Data provided:
*** Block opens ***

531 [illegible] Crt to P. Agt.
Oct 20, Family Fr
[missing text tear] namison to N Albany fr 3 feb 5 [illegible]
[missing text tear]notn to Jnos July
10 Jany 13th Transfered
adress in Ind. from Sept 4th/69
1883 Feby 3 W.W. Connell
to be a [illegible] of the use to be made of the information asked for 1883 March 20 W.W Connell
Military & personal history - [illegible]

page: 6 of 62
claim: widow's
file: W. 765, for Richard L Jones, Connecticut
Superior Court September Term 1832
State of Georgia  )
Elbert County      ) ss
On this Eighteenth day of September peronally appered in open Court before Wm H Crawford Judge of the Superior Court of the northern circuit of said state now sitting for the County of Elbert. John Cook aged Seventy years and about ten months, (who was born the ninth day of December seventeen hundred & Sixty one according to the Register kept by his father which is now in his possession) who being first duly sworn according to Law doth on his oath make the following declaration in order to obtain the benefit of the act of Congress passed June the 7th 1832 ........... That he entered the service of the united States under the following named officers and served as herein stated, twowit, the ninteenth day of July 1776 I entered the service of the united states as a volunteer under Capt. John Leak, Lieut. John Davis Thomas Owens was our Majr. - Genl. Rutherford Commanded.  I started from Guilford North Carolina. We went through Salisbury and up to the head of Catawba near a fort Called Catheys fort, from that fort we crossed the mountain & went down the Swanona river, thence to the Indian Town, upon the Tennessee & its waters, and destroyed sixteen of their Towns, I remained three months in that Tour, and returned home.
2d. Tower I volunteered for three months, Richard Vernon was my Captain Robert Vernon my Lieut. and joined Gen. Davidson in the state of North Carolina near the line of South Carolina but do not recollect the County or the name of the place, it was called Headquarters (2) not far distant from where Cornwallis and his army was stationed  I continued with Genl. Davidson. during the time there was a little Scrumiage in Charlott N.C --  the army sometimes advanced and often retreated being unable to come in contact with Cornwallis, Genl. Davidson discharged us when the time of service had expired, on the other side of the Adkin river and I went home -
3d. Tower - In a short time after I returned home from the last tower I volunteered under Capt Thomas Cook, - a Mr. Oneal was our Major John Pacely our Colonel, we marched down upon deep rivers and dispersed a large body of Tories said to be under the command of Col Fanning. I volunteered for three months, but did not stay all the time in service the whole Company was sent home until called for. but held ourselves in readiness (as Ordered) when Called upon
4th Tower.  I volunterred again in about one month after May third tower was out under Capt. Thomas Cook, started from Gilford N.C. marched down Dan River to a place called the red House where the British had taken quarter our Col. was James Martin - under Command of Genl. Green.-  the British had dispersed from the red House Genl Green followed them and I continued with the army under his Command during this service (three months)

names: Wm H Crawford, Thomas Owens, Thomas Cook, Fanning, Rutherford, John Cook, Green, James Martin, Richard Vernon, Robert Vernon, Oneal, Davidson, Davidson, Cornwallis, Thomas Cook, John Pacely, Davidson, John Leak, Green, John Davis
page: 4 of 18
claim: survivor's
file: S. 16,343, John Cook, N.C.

*** Block closes ***

Your goal:
Return only the part of the records above that opens with the line containing "[missing text tear]notn to Jnos July" and closes with the line containing "On this Eighteenth", ends included.

Response to the task:
[missing text tear]notn to Jnos July
10 Jany 13th Transfered
adress in Ind. from Sept 4th/69
1883 Feby 3 W.W. Connell
to be a [illegible] of the use to be made of the information asked for 1883 March 20 W.W Connell
Military & personal history - [illegible]

page: 6 of 62
claim: widow's
file: W. 765, for Richard L Jones, Connecticut
Superior Court September Term 1832
State of Georgia  )
Elbert County      ) ss
On this Eighteenth day of September peronally appered in open Court before Wm H Crawford Judge of the Superior Court of the northern circuit of said state now sitting for the County of Elbert. John Cook aged Seventy years and about ten months, (who was born the ninth day of December seventeen hundred & Sixty one according to the Register kept by his father which is now in his possession) who being first duly sworn according to Law doth on his oath make the following declaration in order to obtain the benefit of the act of Congress passed June the 7th 1832 ........... That he entered the service of the united States under the following named officers and served as herein stated, twowit, the ninteenth day of July 1776 I entered the service of the united states as a volunteer under Capt. John Leak, Lieut. John Davis Thomas Owens was our Majr. - Genl. Rutherford Commanded.  I started from Guilford North Carolina. We went through Salisbury and up to the head of Catawba near a fort Called Catheys fort, from that fort we crossed the mountain & went down the Swanona river, thence to the Indian Town, upon the Tennessee & its waters, and destroyed sixteen of their Towns, I remained three months in that Tour, and returned home.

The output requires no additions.